The historical parallels go beyond Nero, Narcissus or Snow White. Look at any major organizational failure and you'll often find a culture where critical voices were silenced or ignored in favor of comfortable consensus. AI yes-men could amplify these tendencies if we're not careful.
Of course there’s also opportunity. Perhaps we can use the flexibility to build systems specifically designed to play devil's advocate or highlight overlooked perspectives.

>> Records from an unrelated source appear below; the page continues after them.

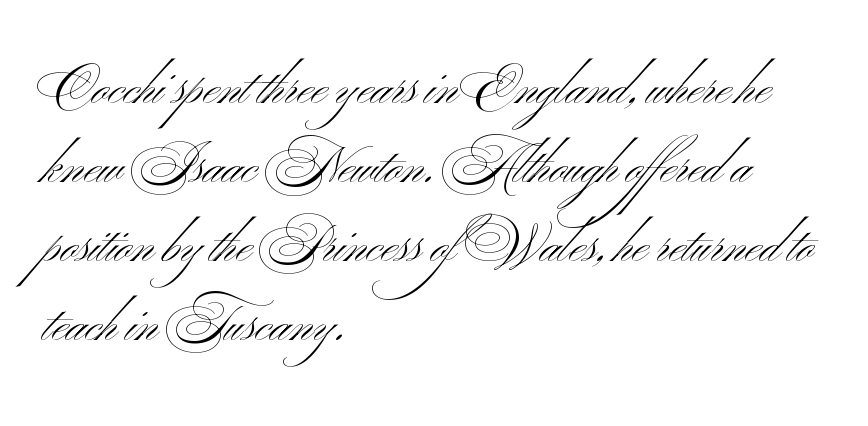
Q: Is the text bold? A: No.
Q: Is the text italic (slanted)? A: Yes.
Q: Is the typeface a serif or a sans-serif typeface? A: Sans-serif.
Q: Is the text underlined? A: No.
Q: How is the paragraph aligned? A: Left-aligned.
Q: Is the spacing between letters normal or unusually wide? A: Normal.
Q: Is the spacing between lines tight, normal or loose? A: Normal.
Q: Width (condensed, normal, or wide)? A: Wide.
Q: Stroke contrast? A: Medium.
Q: x-height? A: Small.
Q: Monospaced? A: No.
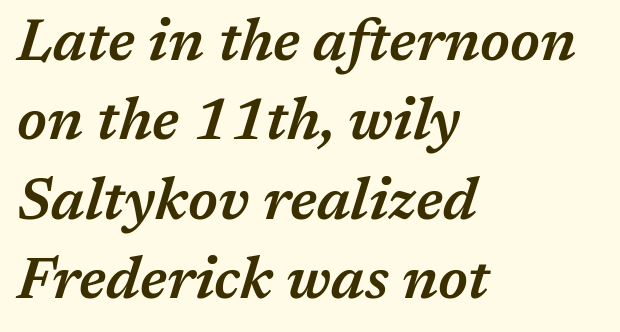
Observe the ordinary spacing: letters are neighbours, not strangers. Casual observation: everything's shoved over to the left. The face used here is proportionally spaced, like ordinary book or web type. Honestly, the row spacing looks completely unremarkable.
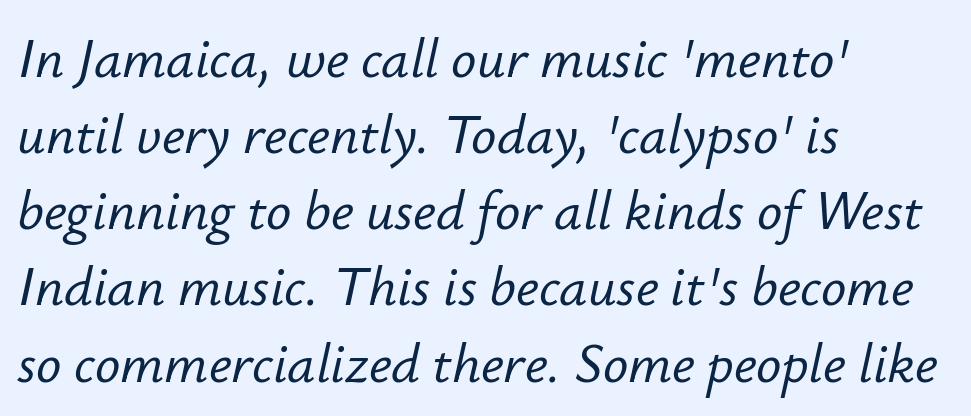
The image shows 56 px text type, italic (leaning right); set left-aligned, normal line spacing (1.36x), normal letter spacing, not underlined; low stroke contrast and a small x-height.
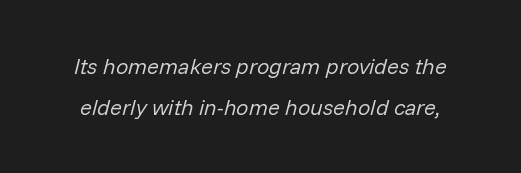
{"italic": "yes", "lean": "right", "slant_degrees": 14, "bold": "no", "underline": "no", "line_spacing_ratio": 1.86, "letter_spacing": "normal", "letter_spacing_em": 0.0, "glyph_px": 22}
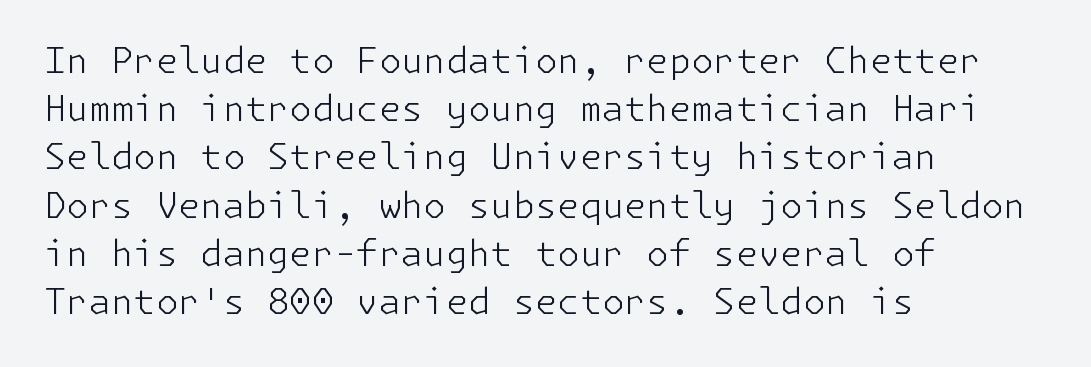
{"serif": "no", "italic": "no", "bold": "no", "weight": "light", "width": "normal", "stroke_contrast": "low", "x_height": "medium", "underline": "no", "align": "left", "line_spacing": "normal", "line_spacing_ratio": 1.34, "letter_spacing": "normal", "letter_spacing_em": 0.0, "glyph_px": 36}
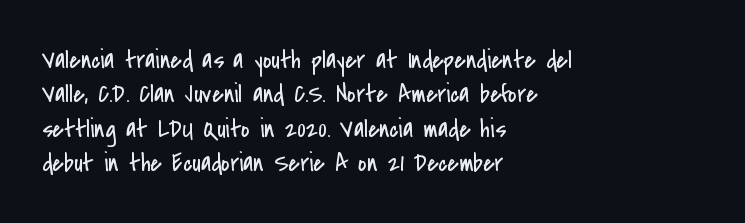
{"italic": "no", "bold": "no", "underline": "no", "align": "left", "line_spacing": "normal", "line_spacing_ratio": 1.32, "letter_spacing": "normal", "letter_spacing_em": 0.0, "glyph_px": 26}
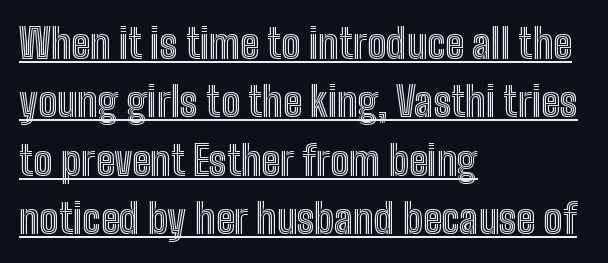
The image shows 40 px condensed type, upright; set left-aligned, normal line spacing (1.46x), normal letter spacing, underlined; a medium x-height.
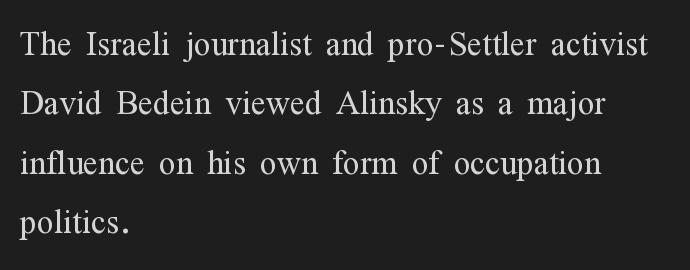
Q: Is the text bold? A: No.
Q: Is the text italic (slanted)? A: No, it is upright.
Q: Is the typeface a serif or a sans-serif typeface? A: Serif.
Q: Is the text underlined? A: No.
Q: How is the paragraph aligned? A: Left-aligned.
Q: Is the spacing between letters normal or unusually wide? A: Normal.
Q: Is the spacing between lines tight, normal or loose? A: Normal.
Q: Width (condensed, normal, or wide)? A: Condensed.
Q: Stroke contrast? A: Medium.
Q: x-height? A: Medium.
Q: Monospaced? A: No.
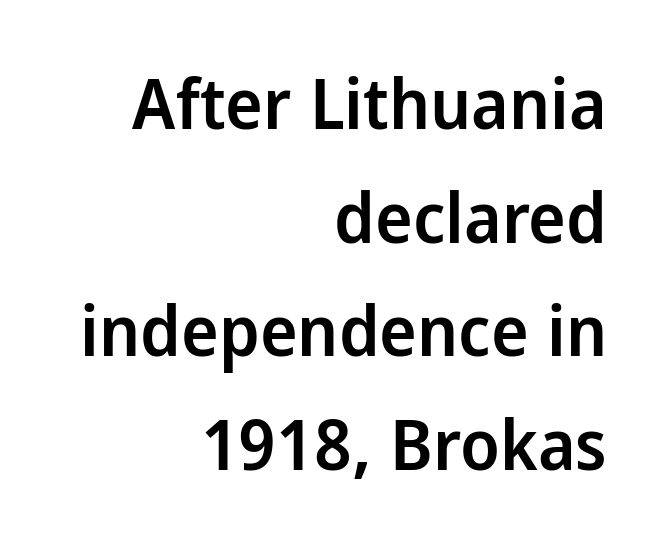
This rendering leaves character spacing at its baseline value. A fair bit of extra ink — the face is semibold, not bold. The area under the type is left untouched. The passage is arranged like a letterhead date or caption credit — flush right. The type sits square on the baseline with zero lean.
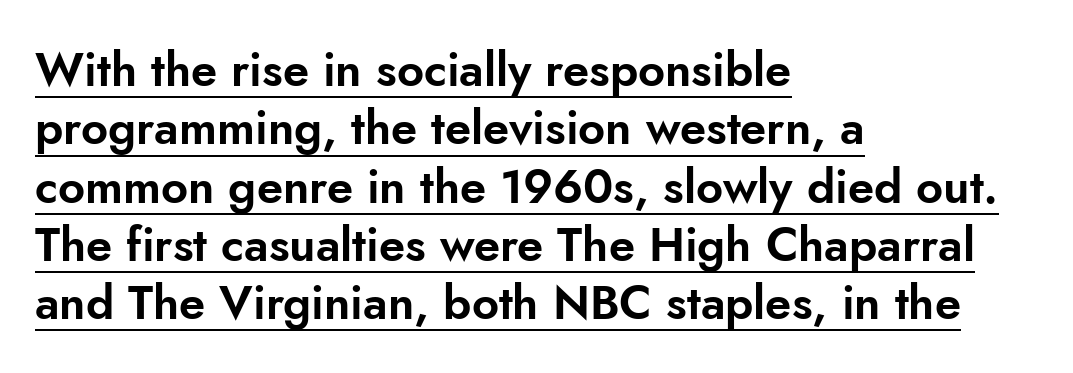
The rendering keeps characters at their native spacing. The typesetter has applied underlining to the passage shown. Teacher's note: observe the even left margin — that is flush-left alignment. Each letter's strokes conclude bluntly, with no projecting serifs.
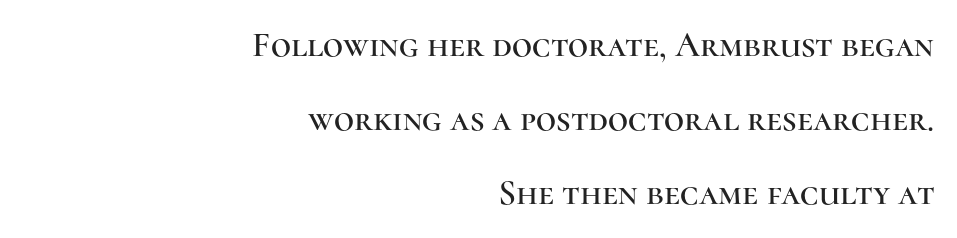
The image shows 35 px serif type, upright; set right-aligned, loose line spacing (2.11x), normal letter spacing, not underlined; high stroke contrast and a medium x-height.
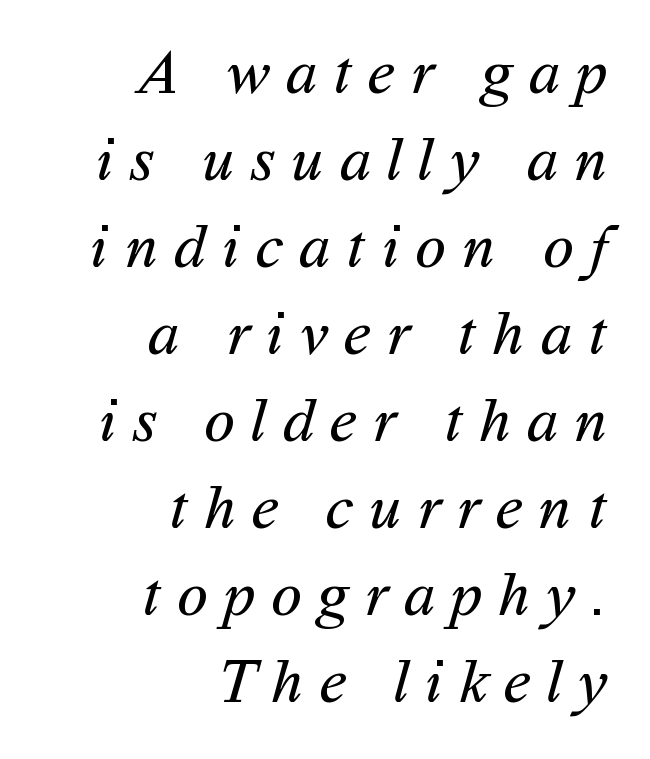
{"serif": "no", "bold": "no", "weight": "regular", "width": "normal", "stroke_contrast": "medium", "x_height": "medium", "monospaced": "no", "underline": "no", "align": "right", "line_spacing": "normal", "line_spacing_ratio": 1.38, "letter_spacing": "wide", "letter_spacing_em": 0.26, "glyph_px": 63}
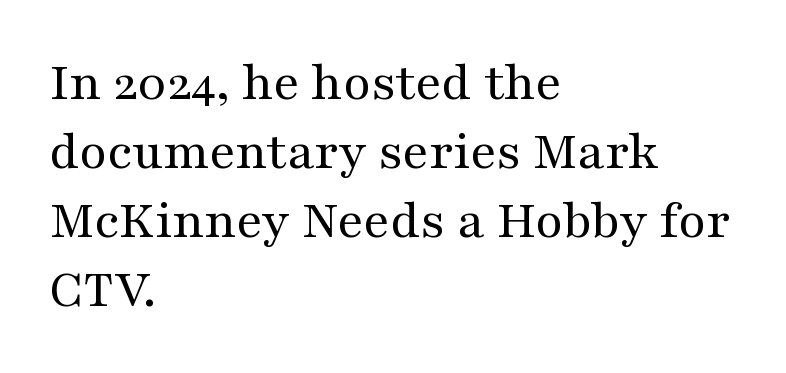
{"serif": "yes", "italic": "no", "bold": "no", "weight": "regular", "width": "wide", "stroke_contrast": "medium", "x_height": "medium", "monospaced": "no", "underline": "no", "align": "left", "line_spacing_ratio": 1.23, "letter_spacing": "normal", "letter_spacing_em": 0.0, "glyph_px": 56}
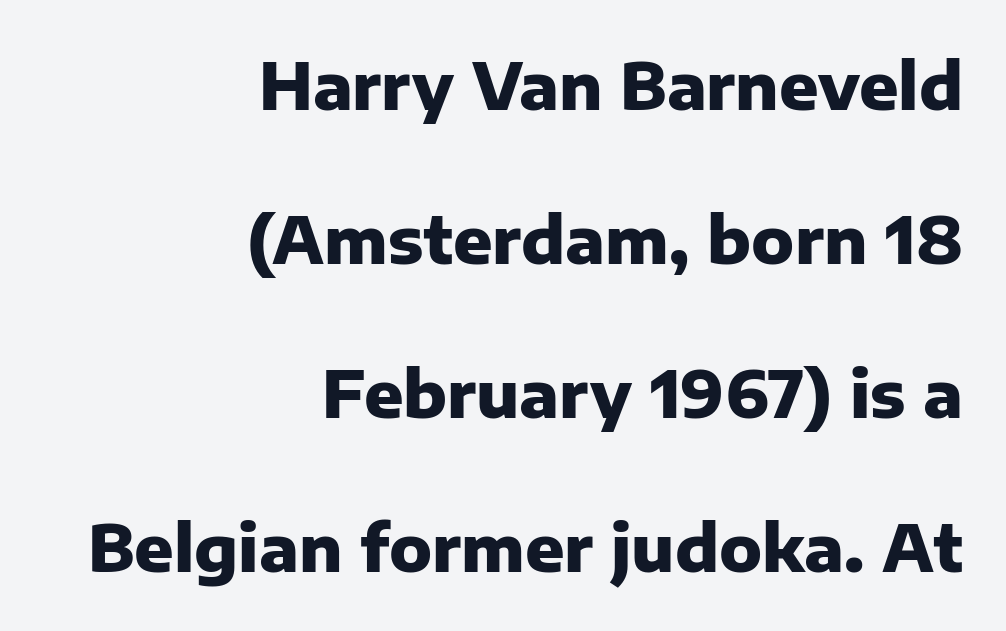
Q: Is the text bold? A: Yes.
Q: Is the text italic (slanted)? A: No, it is upright.
Q: Is the typeface a serif or a sans-serif typeface? A: Sans-serif.
Q: Is the text underlined? A: No.
Q: How is the paragraph aligned? A: Right-aligned.
Q: Is the spacing between letters normal or unusually wide? A: Normal.
Q: Is the spacing between lines tight, normal or loose? A: Loose.
Q: Width (condensed, normal, or wide)? A: Normal.
Q: Stroke contrast? A: Low.
Q: x-height? A: Medium.
Q: Monospaced? A: No.
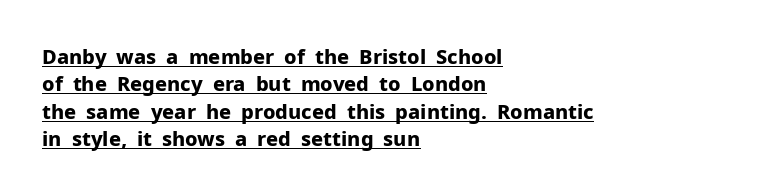
Q: Is the text bold? A: Yes.
Q: Is the text italic (slanted)? A: No, it is upright.
Q: Is the text underlined? A: Yes.
Q: How is the paragraph aligned? A: Left-aligned.
Q: Is the spacing between letters normal or unusually wide? A: Normal.
Q: Is the spacing between lines tight, normal or loose? A: Normal.

In the end, the solution is to understand what we're dealing with. These systems aren't malicious deceivers or mindless agreement machines - they're powerful pattern matchers trained to be helpful and agreeable. Used thoughtfully, with awareness of their limitations and biases, they can enhance rather than replace human critical thinking. But we need to actively resist the temptation to treat their agreeable insights as objective truth rather than helpful but likely biased perspectives.


Agree!
I just did a test to find out whether (admittedly a social media-type) LLM could handle an open-ended question. Did not expect by the end of it to be continually having to get it to correct very basic parsing errors! https://x.com/AlexStarling77/status/1894100221506064550
In the end it claimed to be “off to rethink [its] entire existence“… !!
Very insightful, Martin - enjoyed reading and thinking on this. Keep up the great work!